**Records for the task**
-=-=-=-=-

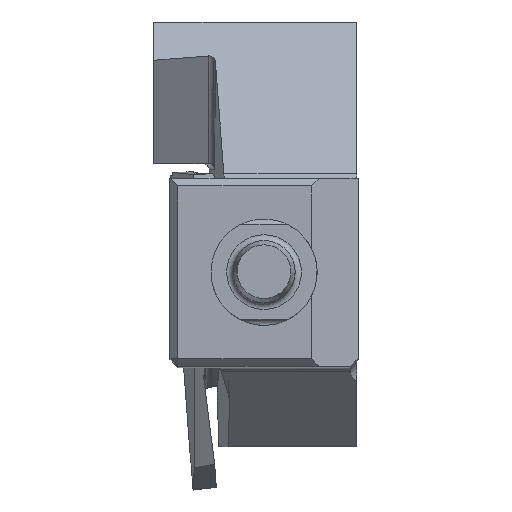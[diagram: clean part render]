
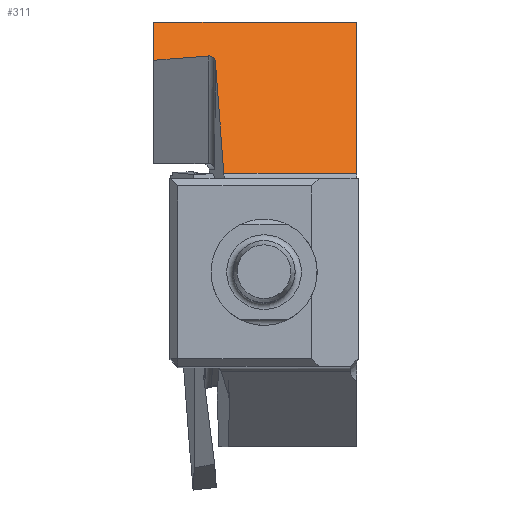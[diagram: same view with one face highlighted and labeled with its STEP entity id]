
A CAD part, top view. The second image highlights one B-rep face of the part: STEP entity #311.
In plain terms, the highlighted planar face has unit normal (0, 0.5, 0.866).
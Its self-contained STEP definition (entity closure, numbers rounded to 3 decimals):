
#311=ADVANCED_FACE('',(#533),#459,.T.);
#459=PLANE('',#2732);
#533=FACE_OUTER_BOUND('',#676,.T.);
#676=EDGE_LOOP('',(#918,#919,#920,#921,#922,#923,#924));
#826=ELLIPSE('',#2731,0.462,0.4);
#918=ORIENTED_EDGE('',*,*,#1897,.F.);
#919=ORIENTED_EDGE('',*,*,#1898,.F.);
#920=ORIENTED_EDGE('',*,*,#1899,.T.);
#921=ORIENTED_EDGE('',*,*,#1900,.T.);
#922=ORIENTED_EDGE('',*,*,#1901,.F.);
#923=ORIENTED_EDGE('',*,*,#1902,.T.);
#924=ORIENTED_EDGE('',*,*,#1903,.T.);
#1656=VERTEX_POINT('',#3746);
#1657=VERTEX_POINT('',#3747);
#1658=VERTEX_POINT('',#3749);
#1659=VERTEX_POINT('',#3751);
#1660=VERTEX_POINT('',#3753);
#1661=VERTEX_POINT('',#3755);
#1662=VERTEX_POINT('',#3757);
#1897=EDGE_CURVE('',#1656,#1657,#2268,.T.);
#1898=EDGE_CURVE('',#1658,#1656,#2269,.T.);
#1899=EDGE_CURVE('',#1658,#1659,#2270,.T.);
#1900=EDGE_CURVE('',#1659,#1660,#2271,.T.);
#1901=EDGE_CURVE('',#1661,#1660,#826,.T.);
#1902=EDGE_CURVE('',#1661,#1662,#2272,.T.);
#1903=EDGE_CURVE('',#1662,#1657,#2273,.T.);
#2268=LINE('',#3745,#2475);
#2269=LINE('',#3748,#2476);
#2270=LINE('',#3750,#2477);
#2271=LINE('',#3752,#2478);
#2272=LINE('',#3756,#2479);
#2273=LINE('',#3758,#2480);
#2475=VECTOR('',#3026,1.);
#2476=VECTOR('',#3027,1.);
#2477=VECTOR('',#3028,1.);
#2478=VECTOR('',#3029,1.);
#2479=VECTOR('',#3032,1.);
#2480=VECTOR('',#3033,1.);
#2731=AXIS2_PLACEMENT_3D('',#3754,#3030,#3031);
#2732=AXIS2_PLACEMENT_3D('',#3759,#3034,#3035);
#3026=DIRECTION('',(0.,-0.866,0.5));
#3027=DIRECTION('',(1.,0.,0.));
#3028=DIRECTION('',(0.,-0.866,0.5));
#3029=DIRECTION('',(0.996,0.078,-0.045));
#3030=DIRECTION('',(0.,0.5,0.866));
#3031=DIRECTION('',(-0.009,-0.866,0.5));
#3032=DIRECTION('',(0.065,-0.864,0.499));
#3033=DIRECTION('',(1.,0.,0.));
#3034=DIRECTION('',(0.,0.5,0.866));
#3035=DIRECTION('',(0.,0.866,-0.5));
#3745=CARTESIAN_POINT('',(11.875,22.,-55.788));
#3746=CARTESIAN_POINT('',(11.875,22.,-55.788));
#3747=CARTESIAN_POINT('',(11.875,12.375,-50.231));
#3748=CARTESIAN_POINT('',(-1.025,22.,-55.788));
#3749=CARTESIAN_POINT('',(-1.025,22.,-55.788));
#3750=CARTESIAN_POINT('',(-1.025,22.,-55.788));
#3751=CARTESIAN_POINT('',(-1.025,19.564,-54.382));
#3752=CARTESIAN_POINT('',(-0.773,19.584,-54.393));
#3753=CARTESIAN_POINT('',(2.463,19.837,-54.539));
#3754=CARTESIAN_POINT('',(2.493,19.438,-54.309));
#3755=CARTESIAN_POINT('',(2.892,19.469,-54.327));
#3756=CARTESIAN_POINT('',(2.686,22.21,-55.909));
#3757=CARTESIAN_POINT('',(3.426,12.375,-50.231));
#3758=CARTESIAN_POINT('',(11.975,12.375,-50.231));
#3759=CARTESIAN_POINT('',(-1.025,22.,-55.788));

-=-=-=-=-

**Aim of the exercise**
Look above for the line holding "#3033=DIRECTION('',(1.,0.,0.));". Print it and every line after it, exactly, through the line holding "#3753=CARTESIAN_POINT('',(2.463,19.837,-54.539));".

**Answer area**
#3033=DIRECTION('',(1.,0.,0.));
#3034=DIRECTION('',(0.,0.5,0.866));
#3035=DIRECTION('',(0.,0.866,-0.5));
#3745=CARTESIAN_POINT('',(11.875,22.,-55.788));
#3746=CARTESIAN_POINT('',(11.875,22.,-55.788));
#3747=CARTESIAN_POINT('',(11.875,12.375,-50.231));
#3748=CARTESIAN_POINT('',(-1.025,22.,-55.788));
#3749=CARTESIAN_POINT('',(-1.025,22.,-55.788));
#3750=CARTESIAN_POINT('',(-1.025,22.,-55.788));
#3751=CARTESIAN_POINT('',(-1.025,19.564,-54.382));
#3752=CARTESIAN_POINT('',(-0.773,19.584,-54.393));
#3753=CARTESIAN_POINT('',(2.463,19.837,-54.539));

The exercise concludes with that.